The global economy likely won’t be able to avoid a recession without a resumption of Russian energy exports this year, according to a study by Federal Reserve Bank of Dallas economists.
“If the bulk of Russian energy exports is off the market for the remainder of 2022, a global economic downturn seems unavoidable,” economists Lutz Kilian and Michael Plante wrote in an article posted by the Dallas Fed Tuesday. “This slowdown could be more protracted than that in 1991.”
The authors drew a parallel to the 1991 global recession, set off by Iraq’s invasion of Kuwait in the year prior that caused an oil-supply shock. Back then, Saudi Arabia partly reduced the impact by pledging to ramp up production, helping ensure what the researchers called “only a brief U.S. recession,” which lasted less than a year.

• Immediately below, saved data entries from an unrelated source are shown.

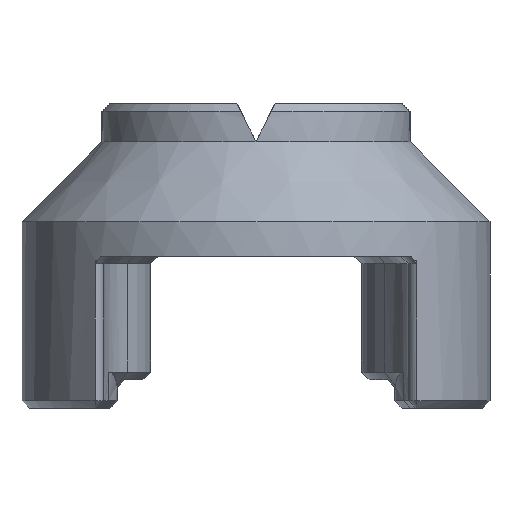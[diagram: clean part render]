
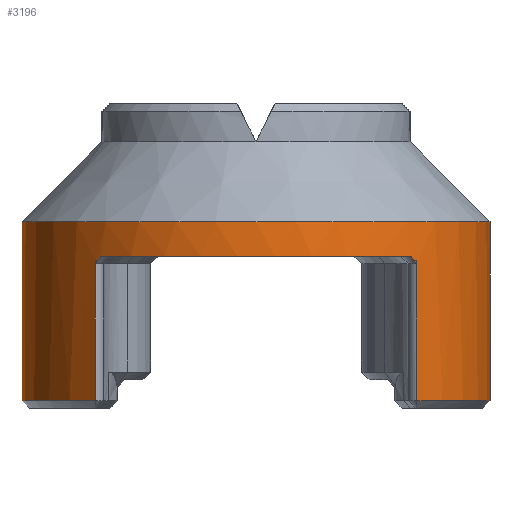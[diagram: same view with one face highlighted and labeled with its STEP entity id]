
A CAD part, front view. The second image highlights one B-rep face of the part: STEP entity #3196.
In plain terms, the highlighted cylindrical face has radius 6.15 mm (diameter 12.3 mm), a partial arc.
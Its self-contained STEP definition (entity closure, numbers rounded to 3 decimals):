
#36=CYLINDRICAL_SURFACE('',#3498,6.15);
#214=FACE_OUTER_BOUND('',#413,.T.);
#413=EDGE_LOOP('',(#2340,#2341,#2342,#2343,#2344,#2345,#2346,#2347,#2348,
#2349,#2350,#2351));
#601=LINE('',#5274,#835);
#606=LINE('',#5283,#840);
#607=LINE('',#5301,#841);
#608=LINE('',#5305,#842);
#835=VECTOR('',#4088,10.);
#840=VECTOR('',#4095,10.);
#841=VECTOR('',#4102,10.);
#842=VECTOR('',#4105,10.);
#1056=B_SPLINE_CURVE_WITH_KNOTS('',3,(#5287,#5288,#5289,#5290),
 .UNSPECIFIED.,.F.,.F.,(4,4),(1.517,1.534),
 .UNSPECIFIED.);
#1057=B_SPLINE_CURVE_WITH_KNOTS('',3,(#5294,#5295,#5296,#5297),
 .UNSPECIFIED.,.F.,.F.,(4,4),(1.656,1.673),
 .UNSPECIFIED.);
#1138=CIRCLE('',#3481,6.15);
#1147=CIRCLE('',#3499,6.15);
#1148=CIRCLE('',#3500,6.15);
#1149=CIRCLE('',#3501,6.15);
#1150=CIRCLE('',#3502,6.15);
#1151=CIRCLE('',#3503,6.15);
#1374=VERTEX_POINT('',#5229);
#1375=VERTEX_POINT('',#5230);
#1386=VERTEX_POINT('',#5273);
#1389=VERTEX_POINT('',#5282);
#1390=VERTEX_POINT('',#5284);
#1391=VERTEX_POINT('',#5286);
#1392=VERTEX_POINT('',#5291);
#1393=VERTEX_POINT('',#5293);
#1394=VERTEX_POINT('',#5298);
#1395=VERTEX_POINT('',#5300);
#1396=VERTEX_POINT('',#5302);
#1397=VERTEX_POINT('',#5304);
#1721=EDGE_CURVE('',#1374,#1375,#1138,.T.);
#1742=EDGE_CURVE('',#1386,#1375,#601,.T.);
#1747=EDGE_CURVE('',#1389,#1374,#606,.T.);
#1748=EDGE_CURVE('',#1390,#1389,#1147,.T.);
#1749=EDGE_CURVE('',#1391,#1390,#1056,.T.);
#1750=EDGE_CURVE('',#1392,#1391,#1148,.T.);
#1751=EDGE_CURVE('',#1393,#1392,#1057,.T.);
#1752=EDGE_CURVE('',#1394,#1393,#1149,.T.);
#1753=EDGE_CURVE('',#1395,#1394,#607,.T.);
#1754=EDGE_CURVE('',#1396,#1395,#1150,.T.);
#1755=EDGE_CURVE('',#1397,#1396,#608,.T.);
#1756=EDGE_CURVE('',#1386,#1397,#1151,.T.);
#2340=ORIENTED_EDGE('',*,*,#1721,.F.);
#2341=ORIENTED_EDGE('',*,*,#1747,.F.);
#2342=ORIENTED_EDGE('',*,*,#1748,.F.);
#2343=ORIENTED_EDGE('',*,*,#1749,.F.);
#2344=ORIENTED_EDGE('',*,*,#1750,.F.);
#2345=ORIENTED_EDGE('',*,*,#1751,.F.);
#2346=ORIENTED_EDGE('',*,*,#1752,.F.);
#2347=ORIENTED_EDGE('',*,*,#1753,.F.);
#2348=ORIENTED_EDGE('',*,*,#1754,.F.);
#2349=ORIENTED_EDGE('',*,*,#1755,.F.);
#2350=ORIENTED_EDGE('',*,*,#1756,.F.);
#2351=ORIENTED_EDGE('',*,*,#1742,.T.);
#3196=ADVANCED_FACE('',(#214),#36,.T.);
#3481=AXIS2_PLACEMENT_3D('',#5231,#4043,#4044);
#3498=AXIS2_PLACEMENT_3D('',#5281,#4093,#4094);
#3499=AXIS2_PLACEMENT_3D('',#5285,#4096,#4097);
#3500=AXIS2_PLACEMENT_3D('',#5292,#4098,#4099);
#3501=AXIS2_PLACEMENT_3D('',#5299,#4100,#4101);
#3502=AXIS2_PLACEMENT_3D('',#5303,#4103,#4104);
#3503=AXIS2_PLACEMENT_3D('',#5306,#4106,#4107);
#4043=DIRECTION('center_axis',(0.,0.,-1.));
#4044=DIRECTION('ref_axis',(-1.,0.,0.));
#4088=DIRECTION('',(0.,0.,-1.));
#4093=DIRECTION('center_axis',(0.,0.,-1.));
#4094=DIRECTION('ref_axis',(-1.,0.,0.));
#4095=DIRECTION('',(0.,0.,-1.));
#4096=DIRECTION('center_axis',(0.,0.,-1.));
#4097=DIRECTION('ref_axis',(-1.,0.,0.));
#4098=DIRECTION('center_axis',(0.,0.,-1.));
#4099=DIRECTION('ref_axis',(-1.,0.,0.));
#4100=DIRECTION('center_axis',(0.,0.,-1.));
#4101=DIRECTION('ref_axis',(-1.,0.,0.));
#4102=DIRECTION('',(0.,0.,1.));
#4103=DIRECTION('center_axis',(0.,0.,-1.));
#4104=DIRECTION('ref_axis',(1.,0.,0.));
#4105=DIRECTION('',(0.,0.,-1.));
#4106=DIRECTION('center_axis',(0.,0.,1.));
#4107=DIRECTION('ref_axis',(-1.,0.,0.));
#5229=CARTESIAN_POINT('',(-4.23,44.336,4.2));
#5230=CARTESIAN_POINT('',(-6.15,48.8,4.2));
#5231=CARTESIAN_POINT('Origin',(0.,48.8,
4.2));
#5273=CARTESIAN_POINT('',(-6.15,48.8,8.9));
#5274=CARTESIAN_POINT('',(-6.15,48.8,12.));
#5281=CARTESIAN_POINT('Origin',(0.,48.8,
12.));
#5282=CARTESIAN_POINT('',(-4.23,44.336,7.879));
#5283=CARTESIAN_POINT('',(-4.23,44.336,12.));
#5284=CARTESIAN_POINT('',(-4.168,44.278,7.879));
#5285=CARTESIAN_POINT('Origin',(0.,48.8,
7.879));
#5286=CARTESIAN_POINT('',(-4.074,44.193,8.));
#5287=CARTESIAN_POINT('Ctrl Pts',(-4.074,44.193,8.));
#5288=CARTESIAN_POINT('Ctrl Pts',(-4.106,44.221,7.959));
#5289=CARTESIAN_POINT('Ctrl Pts',(-4.137,44.249,7.919));
#5290=CARTESIAN_POINT('Ctrl Pts',(-4.168,44.278,7.879));
#5291=CARTESIAN_POINT('',(4.074,44.193,8.));
#5292=CARTESIAN_POINT('Origin',(0.,48.8,
8.));
#5293=CARTESIAN_POINT('',(4.168,44.278,7.879));
#5294=CARTESIAN_POINT('Ctrl Pts',(4.168,44.278,7.879));
#5295=CARTESIAN_POINT('Ctrl Pts',(4.137,44.249,7.919));
#5296=CARTESIAN_POINT('Ctrl Pts',(4.106,44.221,7.959));
#5297=CARTESIAN_POINT('Ctrl Pts',(4.074,44.193,8.));
#5298=CARTESIAN_POINT('',(4.23,44.336,7.879));
#5299=CARTESIAN_POINT('Origin',(0.,48.8,
7.879));
#5300=CARTESIAN_POINT('',(4.23,44.336,4.2));
#5301=CARTESIAN_POINT('',(4.23,44.336,12.));
#5302=CARTESIAN_POINT('',(6.15,48.8,4.2));
#5303=CARTESIAN_POINT('Origin',(0.,48.8,
4.2));
#5304=CARTESIAN_POINT('',(6.15,48.8,8.9));
#5305=CARTESIAN_POINT('',(6.15,48.8,12.));
#5306=CARTESIAN_POINT('Origin',(0.,48.8,
8.9));

The refusal of financial institutions to support Russian energy exports has been the main development putting those shipments at risk, the Dallas Fed economists wrote. “This outcome was largely unanticipated, as U.S. and European Union sanctions originally deliberately excluded Russian energy exports.”
Barter schemes
Replacing that supply may be challenging, given that Saudi Arabia and the United Arab Emirates have signaled they won’t provide relief, the researchers said. They also highlighted that U.S. shale producers are “constrained by supply-chain bottlenecks, labor shortages and the insistence of public investors on capital discipline.”

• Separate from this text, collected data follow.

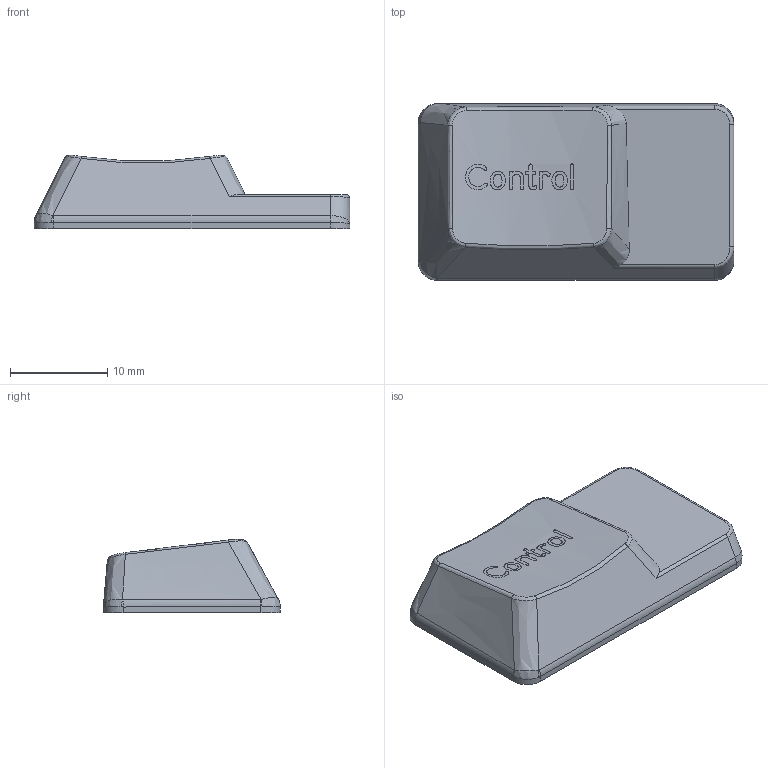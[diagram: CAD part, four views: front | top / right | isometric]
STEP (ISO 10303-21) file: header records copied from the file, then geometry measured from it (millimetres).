
FILE_DESCRIPTION(/* description */ (''),/* implementation_level */ '2;1');
FILE_NAME(/* name */ 'Row_3_1.75u_Control_stepped.step',/* time_stamp */ '2021-08-11T00:53:17-05:00',/* author */ (''),/* organization */ (''),/* preprocessor_version */ 'ST-DEVELOPER v18.1',/* originating_system */ 'Autodesk Translation Framework v10.9.0.1377',/* authorisation */ '');
FILE_SCHEMA (('AUTOMOTIVE_DESIGN { 1 0 10303 214 3 1 1 }'));
Length unit declared in the file: millimetre
Products named in the file (1): Row_3_1.75u_Control_stepped
Bounding box: 32.45 x 18.16 x 7.52 mm (x, y, z)
Volume: 815.4 mm3; surface area: 2081.8 mm2
Topology: 1 solids, 1 shells, 89 faces, 304 edges, 227 vertices
Faces by surface type: bspline 43, plane 28, cylinder 18
Full cylindrical faces by diameter (mm): 5.5 x1
Entity records: 4973 total; most frequent: CARTESIAN_POINT 2606, ORIENTED_EDGE 604, EDGE_CURVE 302, DIRECTION 300, VERTEX_POINT 227, B_SPLINE_CURVE_WITH_KNOTS 157, AXIS2_PLACEMENT_3D 108, EDGE_LOOP 101
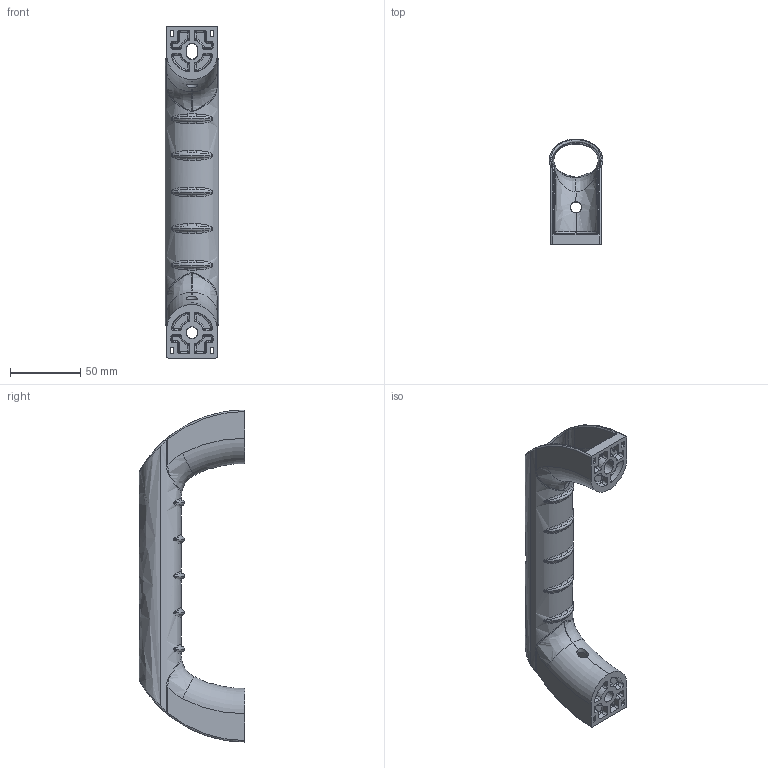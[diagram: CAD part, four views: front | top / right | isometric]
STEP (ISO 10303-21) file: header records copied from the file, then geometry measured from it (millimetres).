
FILE_DESCRIPTION (( 'STEP AP214' ), '1' );
FILE_NAME ('092304.STEP', '2014-08-14T13:41:05', ( '' ), ( '' ), 'SwSTEP 2.0', 'SolidWorks 2014', '' );
FILE_SCHEMA (( 'AUTOMOTIVE_DESIGN' ));
Length unit declared in the file: millimetre
Products named in the file (1): 092304
Bounding box: 38 x 75 x 236 mm (x, y, z)
Volume: 80594.4 mm3; surface area: 56760.6 mm2
Topology: 1 solids, 1 shells, 346 faces, 873 edges, 530 vertices
Faces by surface type: bspline 146, plane 70, cylinder 60, torus 42, cone 28
Entity records: 18978 total; most frequent: CARTESIAN_POINT 11800, ORIENTED_EDGE 1738, DIRECTION 1192, EDGE_CURVE 869, VERTEX_POINT 530, AXIS2_PLACEMENT_3D 482, EDGE_LOOP 369, FACE_OUTER_BOUND 346

“There are indications that some oil-importing countries are exploring alternative-payment schemes that avoid the use of trade credit, bypass current financial sanctions or rely on alternative currencies,” which could help ease the hit caused by financing difficulties, Kilian and Plante wrote.

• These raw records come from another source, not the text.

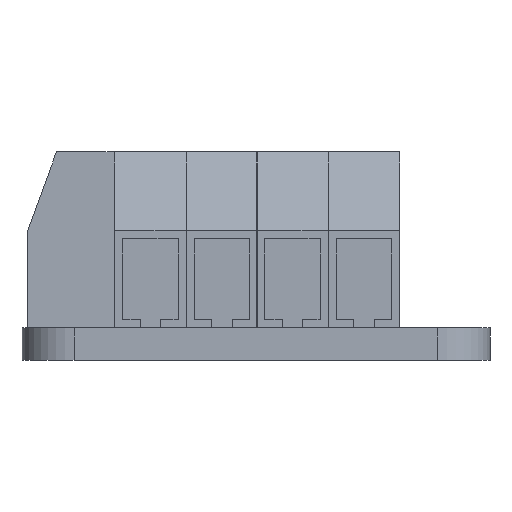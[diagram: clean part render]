
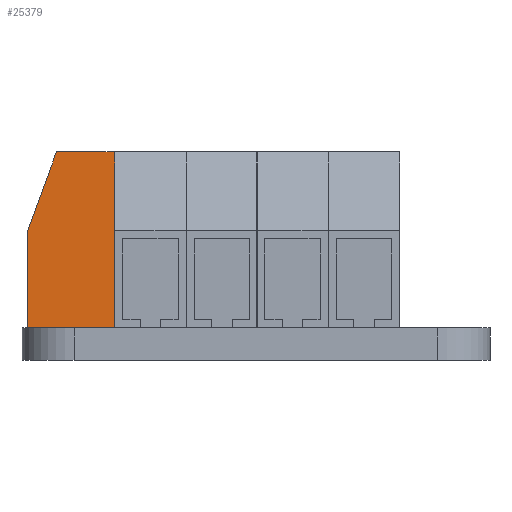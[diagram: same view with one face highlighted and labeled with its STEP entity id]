
A CAD part, left-side view. The second image highlights one B-rep face of the part: STEP entity #25379.
In plain terms, the highlighted face is planar.
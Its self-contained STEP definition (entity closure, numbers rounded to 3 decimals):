
#757=PLANE('',#27367);
#1890=FACE_OUTER_BOUND('',#3494,.T.);
#3494=EDGE_LOOP('',(#19349,#19350,#19351,#19352,#19353,#19354));
#5246=LINE('',#38542,#8002);
#5247=LINE('',#38544,#8003);
#5248=LINE('',#38546,#8004);
#5249=LINE('',#38548,#8005);
#5250=LINE('',#38550,#8006);
#5251=LINE('',#38551,#8007);
#8002=VECTOR('',#31344,10.);
#8003=VECTOR('',#31345,10.);
#8004=VECTOR('',#31346,10.);
#8005=VECTOR('',#31347,10.);
#8006=VECTOR('',#31348,10.);
#8007=VECTOR('',#31349,10.);
#11613=VERTEX_POINT('',#38540);
#11614=VERTEX_POINT('',#38541);
#11615=VERTEX_POINT('',#38543);
#11616=VERTEX_POINT('',#38545);
#11617=VERTEX_POINT('',#38547);
#11618=VERTEX_POINT('',#38549);
#14442=EDGE_CURVE('',#11613,#11614,#5246,.T.);
#14443=EDGE_CURVE('',#11614,#11615,#5247,.T.);
#14444=EDGE_CURVE('',#11615,#11616,#5248,.T.);
#14445=EDGE_CURVE('',#11616,#11617,#5249,.T.);
#14446=EDGE_CURVE('',#11617,#11618,#5250,.T.);
#14447=EDGE_CURVE('',#11618,#11613,#5251,.T.);
#19349=ORIENTED_EDGE('',*,*,#14442,.T.);
#19350=ORIENTED_EDGE('',*,*,#14443,.T.);
#19351=ORIENTED_EDGE('',*,*,#14444,.T.);
#19352=ORIENTED_EDGE('',*,*,#14445,.T.);
#19353=ORIENTED_EDGE('',*,*,#14446,.T.);
#19354=ORIENTED_EDGE('',*,*,#14447,.T.);
#25379=ADVANCED_FACE('',(#1890),#757,.T.);
#27367=AXIS2_PLACEMENT_3D('',#38539,#31342,#31343);
#31342=DIRECTION('center_axis',(1.,0.,0.));
#31343=DIRECTION('ref_axis',(0.,0.,
1.));
#31344=DIRECTION('',(0.,-0.342,0.94));
#31345=DIRECTION('',(0.,-1.,0.));
#31346=DIRECTION('',(0.,-0.342,-0.94));
#31347=DIRECTION('',(0.,0.,-1.));
#31348=DIRECTION('',(0.,1.,0.));
#31349=DIRECTION('',(0.,0.,1.));
#38539=CARTESIAN_POINT('Origin',(3.6,0.,4.3));
#38540=CARTESIAN_POINT('',(3.6,3.4,4.754));
#38541=CARTESIAN_POINT('',(3.6,2.,8.6));
#38542=CARTESIAN_POINT('',(3.6,2.,8.6));
#38543=CARTESIAN_POINT('',(3.6,-2.,8.6));
#38544=CARTESIAN_POINT('',(3.6,-2.,8.6));
#38545=CARTESIAN_POINT('',(3.6,-3.4,4.754));
#38546=CARTESIAN_POINT('',(3.6,-3.4,4.754));
#38547=CARTESIAN_POINT('',(3.6,-3.4,0.));
#38548=CARTESIAN_POINT('',(3.6,-3.4,0.));
#38549=CARTESIAN_POINT('',(3.6,3.4,0.));
#38550=CARTESIAN_POINT('',(3.6,3.4,0.));
#38551=CARTESIAN_POINT('',(3.6,3.4,4.754));

Without a supply response, the drop-off of Russian exports will cause an inflationary hit that compresses spending, according to the authors.
“Unless the Russian petroleum supply shortfall can be contained, it appears necessary for the price of oil to increase substantially and to remain elevated for a long period to eliminate the excess demand for oil,” they wrote. “This demand destruction is likely to be assisted by the recessionary effect of higher natural gas prices and other commodity prices, especially in Europe.”